*TASK DESCRIPTION*:
Among the entries below, one line contains "From the camera plane, how" and another contains "Quick check: the". Transcribe those two lines and every line between them, exactly.

Items listed in a dataset
%%

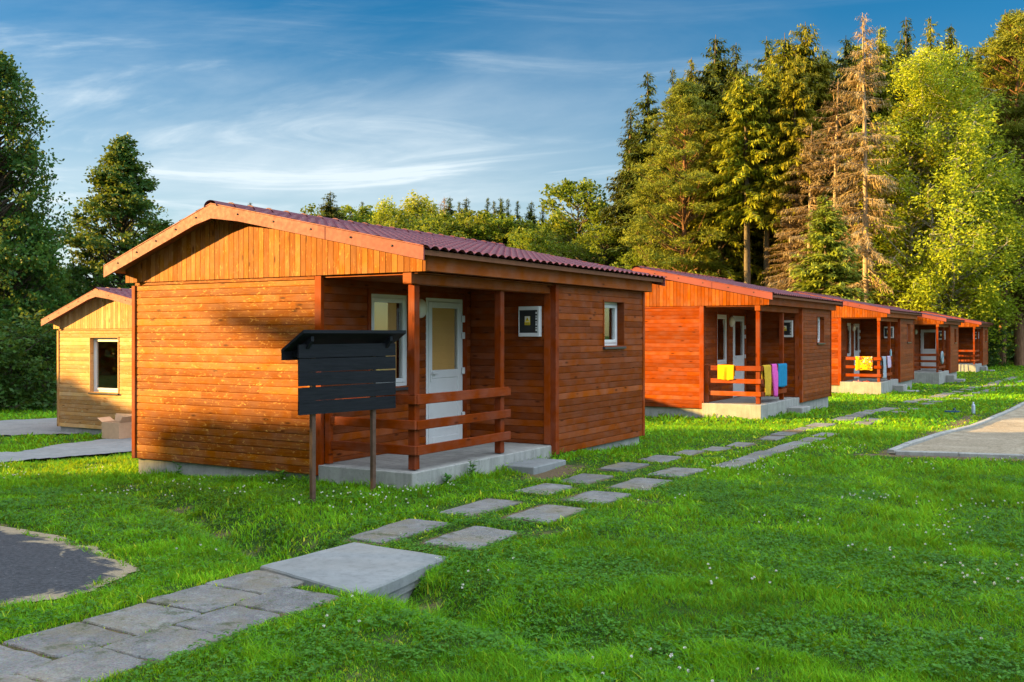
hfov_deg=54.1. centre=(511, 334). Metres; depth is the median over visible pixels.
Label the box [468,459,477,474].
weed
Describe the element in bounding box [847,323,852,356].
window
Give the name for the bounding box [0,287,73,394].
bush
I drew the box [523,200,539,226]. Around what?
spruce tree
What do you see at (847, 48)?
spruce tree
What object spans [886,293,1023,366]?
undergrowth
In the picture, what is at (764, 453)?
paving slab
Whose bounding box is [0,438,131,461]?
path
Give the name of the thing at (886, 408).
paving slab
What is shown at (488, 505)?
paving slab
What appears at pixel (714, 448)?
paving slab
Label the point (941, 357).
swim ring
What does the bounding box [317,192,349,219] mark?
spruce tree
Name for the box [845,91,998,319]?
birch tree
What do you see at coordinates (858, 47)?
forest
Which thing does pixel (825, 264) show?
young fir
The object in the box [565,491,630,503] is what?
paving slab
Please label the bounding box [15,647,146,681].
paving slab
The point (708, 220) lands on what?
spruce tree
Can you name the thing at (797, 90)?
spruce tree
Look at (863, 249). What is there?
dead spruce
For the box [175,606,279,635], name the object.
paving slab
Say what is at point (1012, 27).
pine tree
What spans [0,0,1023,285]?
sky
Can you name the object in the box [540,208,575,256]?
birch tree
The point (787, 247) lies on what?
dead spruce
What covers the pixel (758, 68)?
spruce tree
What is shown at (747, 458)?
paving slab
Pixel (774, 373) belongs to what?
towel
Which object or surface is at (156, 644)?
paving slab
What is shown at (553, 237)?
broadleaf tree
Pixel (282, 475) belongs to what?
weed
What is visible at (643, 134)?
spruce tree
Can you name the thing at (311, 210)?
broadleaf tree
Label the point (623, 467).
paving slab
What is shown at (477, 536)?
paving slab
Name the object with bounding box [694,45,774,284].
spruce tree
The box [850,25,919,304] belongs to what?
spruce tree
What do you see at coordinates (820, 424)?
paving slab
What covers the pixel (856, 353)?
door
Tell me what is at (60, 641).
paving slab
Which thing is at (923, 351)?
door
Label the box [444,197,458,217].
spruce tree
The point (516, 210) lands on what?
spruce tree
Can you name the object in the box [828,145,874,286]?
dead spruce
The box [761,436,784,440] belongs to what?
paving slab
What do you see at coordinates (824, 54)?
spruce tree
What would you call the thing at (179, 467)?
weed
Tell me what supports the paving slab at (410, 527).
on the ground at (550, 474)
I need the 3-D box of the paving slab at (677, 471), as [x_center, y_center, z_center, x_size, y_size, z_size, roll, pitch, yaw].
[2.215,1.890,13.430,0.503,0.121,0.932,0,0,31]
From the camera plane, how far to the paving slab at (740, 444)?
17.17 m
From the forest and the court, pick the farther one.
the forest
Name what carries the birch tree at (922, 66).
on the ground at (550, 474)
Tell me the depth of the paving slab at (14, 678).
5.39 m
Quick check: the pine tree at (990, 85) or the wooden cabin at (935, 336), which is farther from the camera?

%%
%%

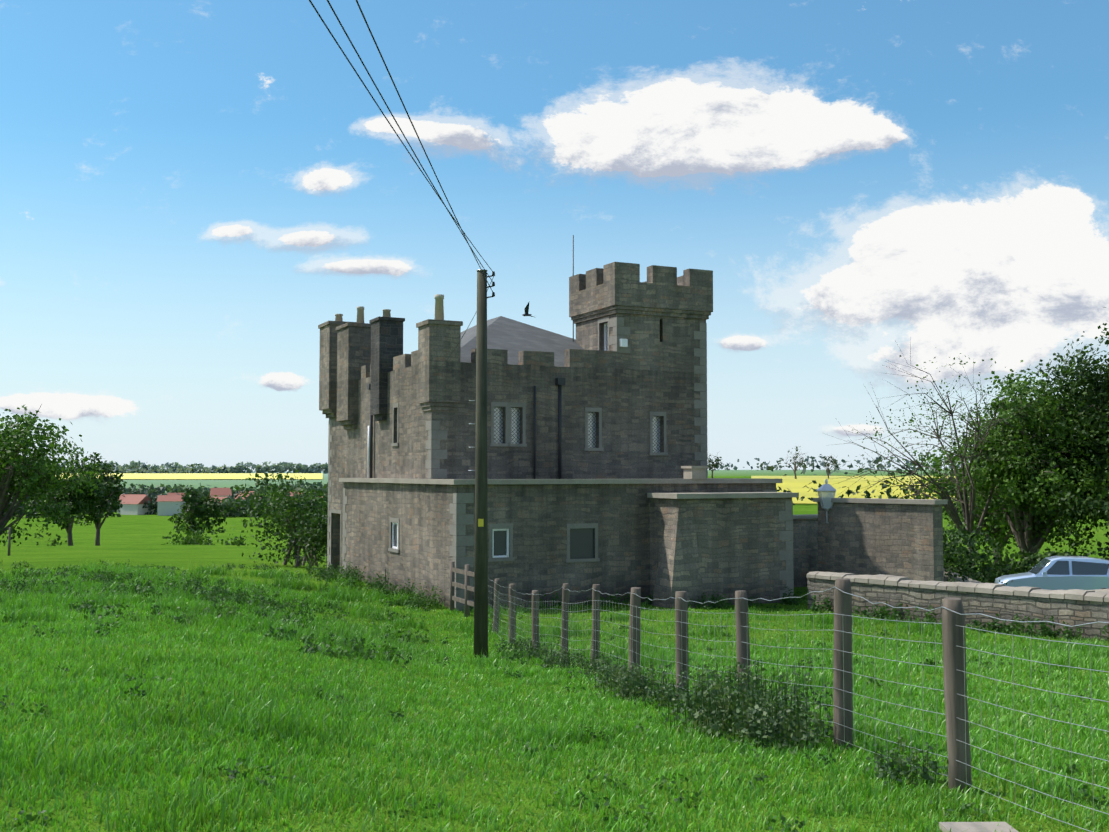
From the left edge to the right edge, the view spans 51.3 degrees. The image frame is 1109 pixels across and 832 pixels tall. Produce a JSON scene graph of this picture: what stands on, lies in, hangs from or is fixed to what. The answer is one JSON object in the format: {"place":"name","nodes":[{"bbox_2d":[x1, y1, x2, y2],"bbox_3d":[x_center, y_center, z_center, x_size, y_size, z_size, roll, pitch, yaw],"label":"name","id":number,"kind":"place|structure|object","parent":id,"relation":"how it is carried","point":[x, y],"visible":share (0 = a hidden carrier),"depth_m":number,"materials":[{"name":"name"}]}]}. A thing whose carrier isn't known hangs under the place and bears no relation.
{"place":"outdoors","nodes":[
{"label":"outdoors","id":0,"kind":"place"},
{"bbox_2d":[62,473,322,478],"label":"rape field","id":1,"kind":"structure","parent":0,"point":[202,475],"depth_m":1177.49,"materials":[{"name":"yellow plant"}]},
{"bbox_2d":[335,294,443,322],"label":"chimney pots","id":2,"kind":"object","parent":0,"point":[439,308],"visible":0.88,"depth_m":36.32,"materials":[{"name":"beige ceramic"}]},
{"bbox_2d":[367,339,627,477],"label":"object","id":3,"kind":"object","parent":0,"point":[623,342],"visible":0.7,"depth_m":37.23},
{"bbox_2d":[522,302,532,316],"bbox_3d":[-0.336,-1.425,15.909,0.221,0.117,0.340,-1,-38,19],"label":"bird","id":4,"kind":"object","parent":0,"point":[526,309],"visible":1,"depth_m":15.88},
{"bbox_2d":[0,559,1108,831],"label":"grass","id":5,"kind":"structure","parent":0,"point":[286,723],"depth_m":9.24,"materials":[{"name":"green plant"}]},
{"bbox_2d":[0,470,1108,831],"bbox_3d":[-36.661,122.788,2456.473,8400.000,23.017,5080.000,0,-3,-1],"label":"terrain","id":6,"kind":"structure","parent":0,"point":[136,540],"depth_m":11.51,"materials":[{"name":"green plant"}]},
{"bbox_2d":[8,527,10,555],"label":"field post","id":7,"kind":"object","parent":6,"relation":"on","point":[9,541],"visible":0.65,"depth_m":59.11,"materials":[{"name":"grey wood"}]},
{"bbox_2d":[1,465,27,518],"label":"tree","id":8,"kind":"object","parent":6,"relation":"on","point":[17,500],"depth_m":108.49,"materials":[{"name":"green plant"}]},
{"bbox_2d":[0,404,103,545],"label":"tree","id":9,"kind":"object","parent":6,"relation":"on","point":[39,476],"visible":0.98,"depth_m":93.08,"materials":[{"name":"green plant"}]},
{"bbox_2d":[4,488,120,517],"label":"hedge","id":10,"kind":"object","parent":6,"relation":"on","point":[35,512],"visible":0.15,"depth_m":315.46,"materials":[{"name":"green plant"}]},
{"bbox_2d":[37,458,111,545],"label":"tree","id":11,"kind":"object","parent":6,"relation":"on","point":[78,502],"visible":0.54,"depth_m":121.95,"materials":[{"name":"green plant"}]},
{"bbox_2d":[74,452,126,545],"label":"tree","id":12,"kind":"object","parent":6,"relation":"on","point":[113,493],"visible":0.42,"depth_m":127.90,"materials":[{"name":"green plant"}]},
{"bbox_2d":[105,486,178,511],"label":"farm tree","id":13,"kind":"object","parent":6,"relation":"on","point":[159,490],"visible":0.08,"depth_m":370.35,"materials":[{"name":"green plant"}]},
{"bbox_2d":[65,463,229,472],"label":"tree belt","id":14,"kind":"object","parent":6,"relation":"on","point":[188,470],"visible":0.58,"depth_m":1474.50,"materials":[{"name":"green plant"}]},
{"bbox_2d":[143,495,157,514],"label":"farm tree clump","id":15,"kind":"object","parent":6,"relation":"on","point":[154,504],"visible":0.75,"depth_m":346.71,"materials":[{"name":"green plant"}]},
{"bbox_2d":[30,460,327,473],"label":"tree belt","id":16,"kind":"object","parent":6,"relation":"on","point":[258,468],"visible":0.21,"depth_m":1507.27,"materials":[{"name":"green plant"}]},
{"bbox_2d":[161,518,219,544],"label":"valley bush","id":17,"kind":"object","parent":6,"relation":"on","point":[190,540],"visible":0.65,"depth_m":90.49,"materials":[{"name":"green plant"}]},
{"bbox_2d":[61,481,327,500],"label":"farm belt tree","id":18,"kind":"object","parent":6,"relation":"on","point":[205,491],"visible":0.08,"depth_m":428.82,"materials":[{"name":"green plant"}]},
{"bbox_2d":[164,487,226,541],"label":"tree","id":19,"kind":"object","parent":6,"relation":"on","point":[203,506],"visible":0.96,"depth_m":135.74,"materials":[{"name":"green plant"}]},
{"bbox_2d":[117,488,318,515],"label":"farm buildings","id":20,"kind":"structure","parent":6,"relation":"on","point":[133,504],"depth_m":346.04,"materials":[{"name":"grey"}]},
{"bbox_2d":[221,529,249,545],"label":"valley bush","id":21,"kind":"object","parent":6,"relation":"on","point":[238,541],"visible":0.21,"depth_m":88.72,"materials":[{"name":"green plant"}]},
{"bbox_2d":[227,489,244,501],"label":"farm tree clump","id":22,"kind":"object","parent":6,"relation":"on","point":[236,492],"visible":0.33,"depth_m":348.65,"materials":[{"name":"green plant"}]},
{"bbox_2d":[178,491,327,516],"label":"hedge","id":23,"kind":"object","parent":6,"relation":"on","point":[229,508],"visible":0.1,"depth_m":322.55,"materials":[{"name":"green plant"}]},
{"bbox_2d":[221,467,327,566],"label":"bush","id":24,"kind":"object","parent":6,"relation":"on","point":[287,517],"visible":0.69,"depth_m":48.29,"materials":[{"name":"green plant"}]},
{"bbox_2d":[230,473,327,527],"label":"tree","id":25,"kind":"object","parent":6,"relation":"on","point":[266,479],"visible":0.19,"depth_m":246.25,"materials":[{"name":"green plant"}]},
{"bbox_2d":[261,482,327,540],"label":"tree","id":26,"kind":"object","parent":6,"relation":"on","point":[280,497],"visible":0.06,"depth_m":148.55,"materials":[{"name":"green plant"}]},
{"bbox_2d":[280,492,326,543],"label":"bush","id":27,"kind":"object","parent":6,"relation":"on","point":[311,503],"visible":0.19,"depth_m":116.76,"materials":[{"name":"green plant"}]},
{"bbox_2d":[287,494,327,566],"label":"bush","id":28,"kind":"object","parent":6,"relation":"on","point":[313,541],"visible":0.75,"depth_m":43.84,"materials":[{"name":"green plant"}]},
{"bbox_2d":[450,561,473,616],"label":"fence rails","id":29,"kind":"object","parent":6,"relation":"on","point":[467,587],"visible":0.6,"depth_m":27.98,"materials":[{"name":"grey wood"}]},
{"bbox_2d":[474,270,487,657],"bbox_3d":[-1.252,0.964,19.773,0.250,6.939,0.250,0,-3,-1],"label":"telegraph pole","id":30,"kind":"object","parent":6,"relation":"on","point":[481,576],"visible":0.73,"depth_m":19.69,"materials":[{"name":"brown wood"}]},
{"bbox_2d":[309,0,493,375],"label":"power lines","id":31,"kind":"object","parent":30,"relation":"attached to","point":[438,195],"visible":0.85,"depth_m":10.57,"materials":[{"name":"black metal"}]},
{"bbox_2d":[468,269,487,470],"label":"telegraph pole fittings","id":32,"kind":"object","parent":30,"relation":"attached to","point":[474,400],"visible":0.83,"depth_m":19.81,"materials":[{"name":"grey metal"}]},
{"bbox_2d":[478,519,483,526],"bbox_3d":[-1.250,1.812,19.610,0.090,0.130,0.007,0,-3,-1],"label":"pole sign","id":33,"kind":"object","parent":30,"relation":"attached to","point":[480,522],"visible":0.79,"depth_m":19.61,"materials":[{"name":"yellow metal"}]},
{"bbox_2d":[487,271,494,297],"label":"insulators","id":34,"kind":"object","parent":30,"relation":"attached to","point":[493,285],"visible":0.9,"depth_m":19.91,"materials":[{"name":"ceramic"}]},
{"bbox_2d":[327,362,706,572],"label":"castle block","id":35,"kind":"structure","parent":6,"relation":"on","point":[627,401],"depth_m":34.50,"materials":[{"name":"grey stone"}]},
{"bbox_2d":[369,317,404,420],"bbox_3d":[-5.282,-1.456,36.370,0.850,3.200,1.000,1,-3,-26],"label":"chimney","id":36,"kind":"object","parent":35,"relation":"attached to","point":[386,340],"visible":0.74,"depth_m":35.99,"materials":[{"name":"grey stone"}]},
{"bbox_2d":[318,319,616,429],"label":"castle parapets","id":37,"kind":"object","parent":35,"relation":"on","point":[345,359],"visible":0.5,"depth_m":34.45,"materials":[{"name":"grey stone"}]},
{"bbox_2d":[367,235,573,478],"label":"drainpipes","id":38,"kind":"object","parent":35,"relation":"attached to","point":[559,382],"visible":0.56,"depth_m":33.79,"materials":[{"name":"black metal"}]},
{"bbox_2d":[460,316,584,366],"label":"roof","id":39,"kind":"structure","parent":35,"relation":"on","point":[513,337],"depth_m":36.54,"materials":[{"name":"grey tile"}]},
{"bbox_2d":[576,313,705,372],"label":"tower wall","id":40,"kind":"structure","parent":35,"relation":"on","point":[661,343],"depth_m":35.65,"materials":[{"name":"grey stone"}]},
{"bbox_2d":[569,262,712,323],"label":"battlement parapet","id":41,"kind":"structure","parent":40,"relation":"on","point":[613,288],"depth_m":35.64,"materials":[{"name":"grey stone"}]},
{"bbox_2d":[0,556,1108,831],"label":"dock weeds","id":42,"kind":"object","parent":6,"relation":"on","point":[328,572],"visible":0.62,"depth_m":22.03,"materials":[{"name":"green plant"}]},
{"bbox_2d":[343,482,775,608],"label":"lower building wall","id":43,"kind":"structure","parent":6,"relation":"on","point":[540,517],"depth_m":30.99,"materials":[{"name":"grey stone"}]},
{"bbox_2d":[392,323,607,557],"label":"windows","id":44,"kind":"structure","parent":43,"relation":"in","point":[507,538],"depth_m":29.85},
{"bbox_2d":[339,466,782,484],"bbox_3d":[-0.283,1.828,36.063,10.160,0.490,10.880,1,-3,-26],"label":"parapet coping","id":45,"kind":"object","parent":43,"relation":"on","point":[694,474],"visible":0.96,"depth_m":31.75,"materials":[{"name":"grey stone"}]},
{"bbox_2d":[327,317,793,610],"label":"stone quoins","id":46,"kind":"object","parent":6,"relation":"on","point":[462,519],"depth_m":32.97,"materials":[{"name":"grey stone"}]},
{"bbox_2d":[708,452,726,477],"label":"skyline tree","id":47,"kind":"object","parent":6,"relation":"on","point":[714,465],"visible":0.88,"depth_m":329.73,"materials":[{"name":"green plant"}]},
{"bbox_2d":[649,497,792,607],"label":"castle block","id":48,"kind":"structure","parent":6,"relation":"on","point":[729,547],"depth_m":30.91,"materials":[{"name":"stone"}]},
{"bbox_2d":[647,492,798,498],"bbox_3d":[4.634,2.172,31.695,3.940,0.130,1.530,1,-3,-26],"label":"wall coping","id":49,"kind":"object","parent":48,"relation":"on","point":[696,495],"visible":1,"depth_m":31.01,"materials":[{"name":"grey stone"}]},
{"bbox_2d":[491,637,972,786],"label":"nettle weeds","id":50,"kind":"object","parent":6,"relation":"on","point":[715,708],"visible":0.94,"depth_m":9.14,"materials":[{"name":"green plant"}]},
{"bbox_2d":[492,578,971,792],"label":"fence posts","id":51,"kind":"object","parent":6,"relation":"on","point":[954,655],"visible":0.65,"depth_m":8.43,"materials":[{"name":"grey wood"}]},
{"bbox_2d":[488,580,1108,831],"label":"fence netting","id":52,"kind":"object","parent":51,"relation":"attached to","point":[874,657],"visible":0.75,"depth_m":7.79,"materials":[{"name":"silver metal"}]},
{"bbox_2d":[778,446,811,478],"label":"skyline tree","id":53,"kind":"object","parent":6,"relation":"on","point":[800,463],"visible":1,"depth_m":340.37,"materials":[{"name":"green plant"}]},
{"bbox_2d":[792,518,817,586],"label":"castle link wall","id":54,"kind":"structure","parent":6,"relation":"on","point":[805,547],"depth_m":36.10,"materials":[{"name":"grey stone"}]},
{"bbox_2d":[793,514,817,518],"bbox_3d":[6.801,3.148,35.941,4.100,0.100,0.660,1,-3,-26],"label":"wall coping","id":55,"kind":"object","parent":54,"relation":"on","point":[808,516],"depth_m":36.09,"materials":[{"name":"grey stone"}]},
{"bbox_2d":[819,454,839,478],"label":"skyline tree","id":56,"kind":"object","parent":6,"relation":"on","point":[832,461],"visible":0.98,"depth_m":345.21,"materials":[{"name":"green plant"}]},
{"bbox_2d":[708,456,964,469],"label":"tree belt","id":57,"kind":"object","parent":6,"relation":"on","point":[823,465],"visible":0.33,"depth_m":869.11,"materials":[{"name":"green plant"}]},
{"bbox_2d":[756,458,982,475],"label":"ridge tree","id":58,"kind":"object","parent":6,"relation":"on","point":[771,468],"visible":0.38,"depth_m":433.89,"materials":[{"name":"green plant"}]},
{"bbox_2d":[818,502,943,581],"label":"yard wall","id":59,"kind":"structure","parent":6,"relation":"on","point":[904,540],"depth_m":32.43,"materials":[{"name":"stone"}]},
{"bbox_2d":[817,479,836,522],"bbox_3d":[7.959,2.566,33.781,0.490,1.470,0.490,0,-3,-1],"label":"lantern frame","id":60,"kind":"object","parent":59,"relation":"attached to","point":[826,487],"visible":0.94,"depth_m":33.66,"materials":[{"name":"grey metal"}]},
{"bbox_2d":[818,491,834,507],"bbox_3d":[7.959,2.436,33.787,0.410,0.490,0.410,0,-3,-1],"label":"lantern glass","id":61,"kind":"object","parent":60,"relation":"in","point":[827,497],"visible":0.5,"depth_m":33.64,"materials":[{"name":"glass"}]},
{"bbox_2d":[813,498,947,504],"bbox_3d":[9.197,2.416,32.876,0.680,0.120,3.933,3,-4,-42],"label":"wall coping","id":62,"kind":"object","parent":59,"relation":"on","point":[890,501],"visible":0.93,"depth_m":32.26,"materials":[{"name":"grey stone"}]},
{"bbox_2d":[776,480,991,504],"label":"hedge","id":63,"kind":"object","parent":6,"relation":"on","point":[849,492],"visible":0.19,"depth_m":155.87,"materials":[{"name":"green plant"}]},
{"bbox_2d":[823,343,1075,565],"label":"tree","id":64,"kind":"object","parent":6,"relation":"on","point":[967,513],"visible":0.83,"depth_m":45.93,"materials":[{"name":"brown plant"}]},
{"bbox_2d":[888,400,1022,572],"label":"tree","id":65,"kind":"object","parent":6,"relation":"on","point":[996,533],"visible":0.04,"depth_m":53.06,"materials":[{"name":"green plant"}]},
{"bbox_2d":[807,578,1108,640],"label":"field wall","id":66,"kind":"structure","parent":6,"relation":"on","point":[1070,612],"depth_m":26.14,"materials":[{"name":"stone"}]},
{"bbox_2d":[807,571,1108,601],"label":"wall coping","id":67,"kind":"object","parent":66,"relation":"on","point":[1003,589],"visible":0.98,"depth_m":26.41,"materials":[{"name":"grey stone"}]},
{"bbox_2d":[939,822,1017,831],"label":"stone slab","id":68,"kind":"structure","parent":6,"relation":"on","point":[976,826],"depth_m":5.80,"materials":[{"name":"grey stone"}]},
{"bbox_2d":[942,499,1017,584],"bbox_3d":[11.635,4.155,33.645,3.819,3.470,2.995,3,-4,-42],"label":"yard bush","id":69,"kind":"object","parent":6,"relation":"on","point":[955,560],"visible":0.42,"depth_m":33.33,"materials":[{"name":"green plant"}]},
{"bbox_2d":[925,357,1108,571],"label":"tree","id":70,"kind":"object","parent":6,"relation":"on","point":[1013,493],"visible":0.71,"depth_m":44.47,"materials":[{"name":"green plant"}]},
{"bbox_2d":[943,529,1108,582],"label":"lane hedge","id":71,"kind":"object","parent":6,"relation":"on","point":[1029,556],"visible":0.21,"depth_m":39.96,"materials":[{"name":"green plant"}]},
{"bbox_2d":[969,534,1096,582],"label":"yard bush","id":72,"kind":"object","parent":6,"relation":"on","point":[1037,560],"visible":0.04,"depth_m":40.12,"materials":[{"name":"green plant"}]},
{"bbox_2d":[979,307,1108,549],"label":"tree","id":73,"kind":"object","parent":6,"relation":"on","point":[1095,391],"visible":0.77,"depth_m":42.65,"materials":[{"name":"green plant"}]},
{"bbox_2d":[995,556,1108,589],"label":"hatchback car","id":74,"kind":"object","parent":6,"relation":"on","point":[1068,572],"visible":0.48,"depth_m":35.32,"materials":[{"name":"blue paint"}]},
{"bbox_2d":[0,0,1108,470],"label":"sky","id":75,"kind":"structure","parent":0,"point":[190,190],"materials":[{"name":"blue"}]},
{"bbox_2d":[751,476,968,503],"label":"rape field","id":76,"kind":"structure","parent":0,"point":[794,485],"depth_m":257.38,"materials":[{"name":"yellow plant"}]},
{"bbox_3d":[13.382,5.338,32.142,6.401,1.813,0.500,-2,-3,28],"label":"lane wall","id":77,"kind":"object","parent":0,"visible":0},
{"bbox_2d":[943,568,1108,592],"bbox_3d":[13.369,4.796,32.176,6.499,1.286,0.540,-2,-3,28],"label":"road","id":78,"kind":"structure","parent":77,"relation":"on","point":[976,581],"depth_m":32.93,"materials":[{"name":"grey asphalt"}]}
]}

%%

*FINISHED TASK*:
From the camera plane, how far to the paving slab at (740, 444)?
17.17 m
From the forest and the court, pick the farther one.
the forest
Name what carries the birch tree at (922, 66).
on the ground at (550, 474)
Tell me the depth of the paving slab at (14, 678).
5.39 m
Quick check: the pine tree at (990, 85) or the wooden cabin at (935, 336), which is farther from the camera?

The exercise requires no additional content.